In summary, if you can find more data (30 hours or more), you can try training a specialized base model first and then continue training. If you only have three hours of data, just load the community base model directly for training.
For more information for training, you can read the official README.md. Or if you need more detailed information, you can read the document written by me. This
is the link: https://github.com/SUC-DriverOld/so-vits-svc-Deployment-Documents
Thank you so much!Your document is so clear and I can get every access to all details,it is so helpful!
In the trainging time these days,I found a problem which is very confusing,and I find many solutions Online but didnt work.
Actually,I am using whisper-ppg-large-v2 to train my model,but the diffusion model cant be used even if I had trained it successfully,I have followed the tutorial and trained it(at the beganing I got failed in the training stage,now the model can be trained well,but when inference it fail),but it always turn out to show the bug below.

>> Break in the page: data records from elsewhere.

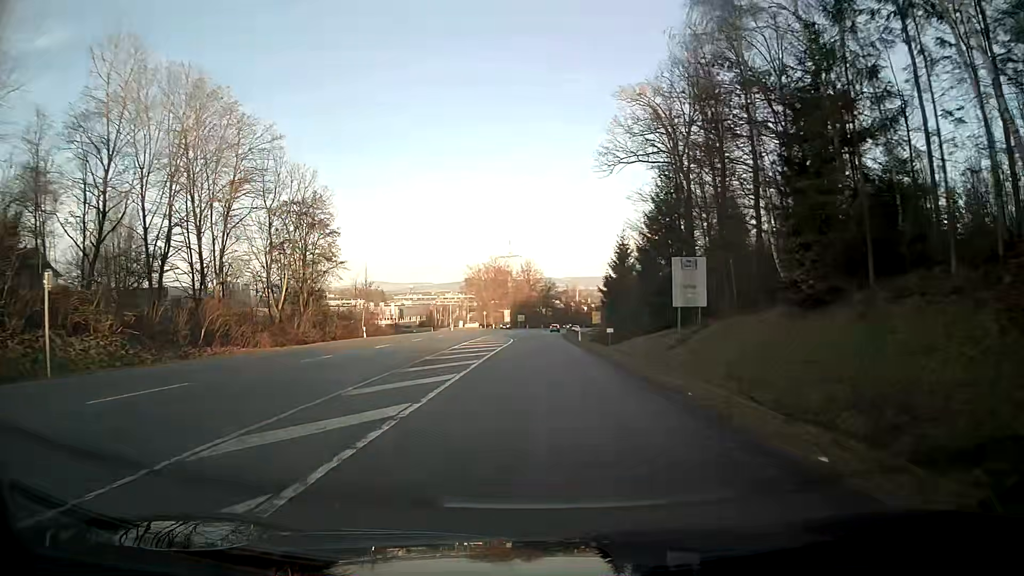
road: secondary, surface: asphalt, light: Day
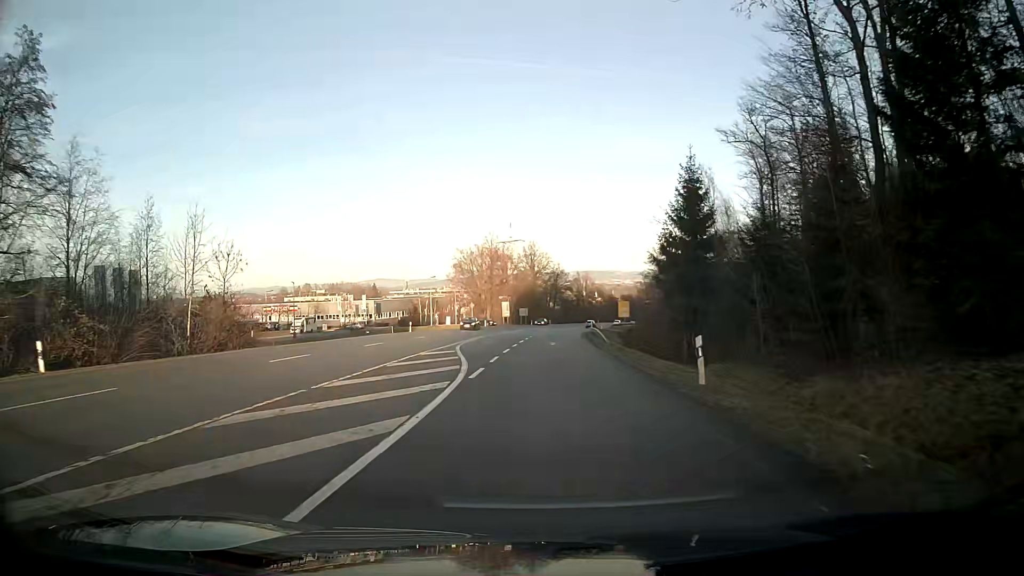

Hi Friend , Did you ever meet with this problem?I would really appreciate it if you could reply to me.Thank you again!
Hello friend,
I'm very sorry, but I have never used whisper-ppg-large-v2 to train my model. I can't provide a solution to your error. I went through the usage guide document of the integrated package made by the Chinese expert "Yumao Butuan." It only mentions that whisper-ppg supports diffusion models, but requires both the main model and the diffusion model to use the same encoder. I didn't find any other explanations. Perhaps you can try using the integrated package he made, which includes all the commonly used encoders and training base models, as well as all the necessary dependencies. Here is the Google Drive link: https://drive.google.com/file/d/19e7HJYk32WHVIXm-CuhvbwF8IHjZ48QU/view?usp=sharing. And here is the usage guide for the integrated package: https://www.yuque.com/umoubuton/ueupp5. However, it is written in Chinese.
I'm very sorry that I couldn't solve your problem.